Blueberry post season workshop 2022
Fruit Growers Tasmania | Wednesday, 13 April 2022, 11.00am
Fruit Growers Tasmania and Berries Australia held a Blueberry Growers Post Season Workshop on 6 April 2022. It was a great opportunity for blueberry growers to get together to discuss the outcome from last season and hear from Biosecurity Tasmania on the current blueberry rust detection program and the latest in blueberry rust R&D.
Berry Industry Development Officer Mark Salter started the morning session with a brief postseason update on weather, fruit quality and markets. In summary, the early part of the season was impacted which cooler weather, resulting in lower fruit set in southern regions. While in the north, several rain events affected some fruit quality. In summary, yields overall were slightly down, but prices were up. Feedback from the market indicates Tasmania has a good reputation for fruit quality, and there is still potential for growth in Tasmania’s blueberry sector.
Peter Cornish, CEO of FGT, explained Fruit Growers Tasmania’s role as a representative body for growers and that the organisation was fortunate to work closely with Biosecurity Tasmania (BT) in the context of blueberry rust, fruit fly and other biosecurity issues.

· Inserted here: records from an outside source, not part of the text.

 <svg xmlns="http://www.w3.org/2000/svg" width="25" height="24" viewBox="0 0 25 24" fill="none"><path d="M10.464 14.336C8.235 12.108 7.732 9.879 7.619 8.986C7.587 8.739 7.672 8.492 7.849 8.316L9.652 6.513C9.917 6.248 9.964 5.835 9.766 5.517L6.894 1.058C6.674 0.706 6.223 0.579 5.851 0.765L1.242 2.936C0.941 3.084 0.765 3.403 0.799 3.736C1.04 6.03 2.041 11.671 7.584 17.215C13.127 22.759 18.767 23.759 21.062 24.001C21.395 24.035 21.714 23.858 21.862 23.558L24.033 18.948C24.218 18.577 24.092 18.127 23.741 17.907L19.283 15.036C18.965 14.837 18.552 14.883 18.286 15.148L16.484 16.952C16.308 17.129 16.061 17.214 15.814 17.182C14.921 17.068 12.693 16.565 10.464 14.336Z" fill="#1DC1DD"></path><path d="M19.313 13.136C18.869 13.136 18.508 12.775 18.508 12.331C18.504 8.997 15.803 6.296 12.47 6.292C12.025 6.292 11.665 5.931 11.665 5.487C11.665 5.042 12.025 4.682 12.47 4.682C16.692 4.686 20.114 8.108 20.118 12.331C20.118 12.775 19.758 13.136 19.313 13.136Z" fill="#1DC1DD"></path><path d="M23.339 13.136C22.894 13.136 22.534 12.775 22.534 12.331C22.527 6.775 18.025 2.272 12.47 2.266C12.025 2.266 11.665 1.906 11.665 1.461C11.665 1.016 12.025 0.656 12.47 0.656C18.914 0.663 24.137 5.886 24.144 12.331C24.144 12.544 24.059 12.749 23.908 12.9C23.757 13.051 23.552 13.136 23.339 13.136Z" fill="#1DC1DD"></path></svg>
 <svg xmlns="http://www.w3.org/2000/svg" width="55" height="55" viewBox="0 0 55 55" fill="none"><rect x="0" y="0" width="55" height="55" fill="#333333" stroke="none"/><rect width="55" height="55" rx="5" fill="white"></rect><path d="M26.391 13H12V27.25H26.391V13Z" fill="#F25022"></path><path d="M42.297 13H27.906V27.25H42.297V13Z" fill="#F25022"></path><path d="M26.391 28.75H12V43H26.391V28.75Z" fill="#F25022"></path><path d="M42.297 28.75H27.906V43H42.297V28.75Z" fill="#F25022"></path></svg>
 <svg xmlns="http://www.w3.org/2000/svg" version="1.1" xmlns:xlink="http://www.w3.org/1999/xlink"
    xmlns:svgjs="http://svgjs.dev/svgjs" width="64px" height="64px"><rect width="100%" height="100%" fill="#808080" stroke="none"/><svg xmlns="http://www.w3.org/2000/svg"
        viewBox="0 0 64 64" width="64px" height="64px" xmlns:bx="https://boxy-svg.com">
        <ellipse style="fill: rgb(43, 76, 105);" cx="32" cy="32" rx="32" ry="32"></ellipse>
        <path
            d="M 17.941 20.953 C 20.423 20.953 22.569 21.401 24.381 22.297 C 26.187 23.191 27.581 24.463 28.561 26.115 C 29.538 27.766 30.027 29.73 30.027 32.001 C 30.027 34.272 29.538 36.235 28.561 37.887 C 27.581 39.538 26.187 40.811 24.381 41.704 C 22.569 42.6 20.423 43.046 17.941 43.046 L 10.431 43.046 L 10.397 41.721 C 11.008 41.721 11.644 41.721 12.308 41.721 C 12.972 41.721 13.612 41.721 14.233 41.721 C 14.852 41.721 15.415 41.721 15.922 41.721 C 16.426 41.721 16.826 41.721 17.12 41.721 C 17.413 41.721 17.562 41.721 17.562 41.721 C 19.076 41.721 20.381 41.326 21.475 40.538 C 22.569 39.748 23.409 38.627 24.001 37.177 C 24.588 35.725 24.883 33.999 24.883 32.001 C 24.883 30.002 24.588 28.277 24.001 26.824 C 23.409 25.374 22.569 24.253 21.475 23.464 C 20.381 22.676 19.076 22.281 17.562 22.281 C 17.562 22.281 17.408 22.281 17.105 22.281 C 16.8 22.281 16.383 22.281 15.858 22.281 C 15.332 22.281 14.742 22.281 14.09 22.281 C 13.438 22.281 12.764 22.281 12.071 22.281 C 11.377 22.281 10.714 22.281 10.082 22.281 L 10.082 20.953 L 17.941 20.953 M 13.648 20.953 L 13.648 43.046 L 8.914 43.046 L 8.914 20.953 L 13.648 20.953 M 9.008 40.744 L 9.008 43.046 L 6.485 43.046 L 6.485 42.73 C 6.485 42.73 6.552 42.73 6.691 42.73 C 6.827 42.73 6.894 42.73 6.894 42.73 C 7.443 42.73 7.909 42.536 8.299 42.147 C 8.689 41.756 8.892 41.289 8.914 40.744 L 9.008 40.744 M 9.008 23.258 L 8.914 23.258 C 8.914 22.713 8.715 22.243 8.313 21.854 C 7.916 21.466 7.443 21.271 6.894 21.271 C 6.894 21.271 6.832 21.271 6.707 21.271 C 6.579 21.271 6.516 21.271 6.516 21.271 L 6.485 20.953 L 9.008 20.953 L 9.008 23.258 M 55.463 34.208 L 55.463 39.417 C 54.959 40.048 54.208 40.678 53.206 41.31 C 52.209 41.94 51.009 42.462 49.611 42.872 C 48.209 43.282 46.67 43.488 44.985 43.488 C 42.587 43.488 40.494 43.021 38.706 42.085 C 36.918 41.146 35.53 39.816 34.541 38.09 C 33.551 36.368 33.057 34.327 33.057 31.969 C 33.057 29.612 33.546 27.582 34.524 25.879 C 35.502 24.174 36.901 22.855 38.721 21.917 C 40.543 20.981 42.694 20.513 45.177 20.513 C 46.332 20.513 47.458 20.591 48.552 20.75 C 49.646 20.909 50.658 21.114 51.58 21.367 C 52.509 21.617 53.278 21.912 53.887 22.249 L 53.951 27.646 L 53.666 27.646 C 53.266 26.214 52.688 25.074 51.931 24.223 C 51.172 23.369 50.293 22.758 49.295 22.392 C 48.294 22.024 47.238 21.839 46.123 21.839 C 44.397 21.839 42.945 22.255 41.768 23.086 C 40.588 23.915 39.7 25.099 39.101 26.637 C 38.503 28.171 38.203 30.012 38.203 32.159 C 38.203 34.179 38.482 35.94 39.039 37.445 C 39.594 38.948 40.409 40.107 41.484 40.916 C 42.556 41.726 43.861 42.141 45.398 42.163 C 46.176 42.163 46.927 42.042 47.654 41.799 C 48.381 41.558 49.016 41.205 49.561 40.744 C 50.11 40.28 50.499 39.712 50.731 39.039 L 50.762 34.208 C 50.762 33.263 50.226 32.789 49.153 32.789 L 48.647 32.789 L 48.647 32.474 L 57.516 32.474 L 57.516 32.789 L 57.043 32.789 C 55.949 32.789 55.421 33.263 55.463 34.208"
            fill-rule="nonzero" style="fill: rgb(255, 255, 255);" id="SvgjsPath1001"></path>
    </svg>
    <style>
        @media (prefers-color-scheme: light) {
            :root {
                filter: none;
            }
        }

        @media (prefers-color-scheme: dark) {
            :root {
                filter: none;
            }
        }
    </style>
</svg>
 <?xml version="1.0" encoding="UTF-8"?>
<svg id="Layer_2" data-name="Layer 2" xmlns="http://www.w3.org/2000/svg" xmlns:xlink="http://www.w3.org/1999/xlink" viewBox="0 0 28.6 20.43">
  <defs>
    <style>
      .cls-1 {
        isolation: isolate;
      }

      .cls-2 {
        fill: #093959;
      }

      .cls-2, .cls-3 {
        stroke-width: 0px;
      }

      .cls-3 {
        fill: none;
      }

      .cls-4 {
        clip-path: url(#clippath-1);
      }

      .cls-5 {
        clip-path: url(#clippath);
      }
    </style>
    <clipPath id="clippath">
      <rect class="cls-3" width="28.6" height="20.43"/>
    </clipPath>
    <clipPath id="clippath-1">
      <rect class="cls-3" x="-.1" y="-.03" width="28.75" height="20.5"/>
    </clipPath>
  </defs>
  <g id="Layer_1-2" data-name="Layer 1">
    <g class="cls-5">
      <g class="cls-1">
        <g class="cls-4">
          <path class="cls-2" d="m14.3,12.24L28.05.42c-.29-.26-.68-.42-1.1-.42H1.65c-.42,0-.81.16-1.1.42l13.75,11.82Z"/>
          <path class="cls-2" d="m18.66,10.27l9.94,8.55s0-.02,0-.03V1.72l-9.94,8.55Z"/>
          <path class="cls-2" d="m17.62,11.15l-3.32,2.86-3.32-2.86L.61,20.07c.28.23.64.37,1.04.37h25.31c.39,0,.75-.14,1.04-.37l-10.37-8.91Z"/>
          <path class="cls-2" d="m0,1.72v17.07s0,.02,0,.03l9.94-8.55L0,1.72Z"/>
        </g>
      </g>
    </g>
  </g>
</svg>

Dr Peter Cross from Biosecurity Tasmania presented the latest Blueberry Rust (BBR) Status Update, noting there were now 17 infected premises (IP’s) across the state, with two in the South and the remainder in the North and North West. He explained the annual surveillance, tracing and Containment Plan, which allows growers that are free from BBR to trade with WA and SA. It appears WA is now reconsidering market access for blueberries from Tasmania.
One advantage of containing BBR is to create a holding pattern that buys time for the industry whilst research is undertaken to assist growers with managing the disease. Many questions and discussions followed BTs presentation and the close of the morning session.
In the afternoon session, Dr Kara Barry and Michele Buntain from TIA presented the latest R&D results from previous trials. Michele outlined a new $500,000 R&D project for “On-Farm Strategies for BBR Prevention & Management”, which partners with State Government, TIA, FGT, Southern Cross Uni and Blueberry Growers. The research will focus on rust overwintering understanding the environmental conditions for survival and infection to occur, identifying high-risk conditions and how to break the disease cycle.
Stuart Doyle from Agvista then presented on other blueberry diseases blueberry growers should be aware of and monitor for, focussing on Botrytis and Botryosphaeria (Cane Blight). Stuart explained how these two diseases have a more significant effect on plant health and fruit quality than most growers realise. Controlling Botrytis is important, particularly in the early stages of flowering and can lead to heavy crop losses if not controlled. Also, later at the fruit maturity stage, if humid conditions are present and fruit is not kept at optimal temperatures. Likewise, with Cane Blight, many growers underestimate the extent of this disease and its occurrence in the field. Stuart explained that every farm he has visited in Tasmania has Cane Blight present and explained the symptoms. He enforced the need for sanitising pruning equipment regularly and not mulching cuttings in the field but instead removing them to minimise the spread of the disease. He also recommended several chemicals to help with control.
To close the afternoon session, Michael Tarbath from FGT gave a presentation on scoping activities to develop an app to help growers manage rust risks from farm visitors and seasonal workers. It was explained how the app is still in the initial concept stage and would require interest and support from growers if it was to be developed. Before full development FGT will survey growers to see if they want to proceed with this technology.
Feedback indicated the presentations were very informative and that the workshop was more than worthwhile.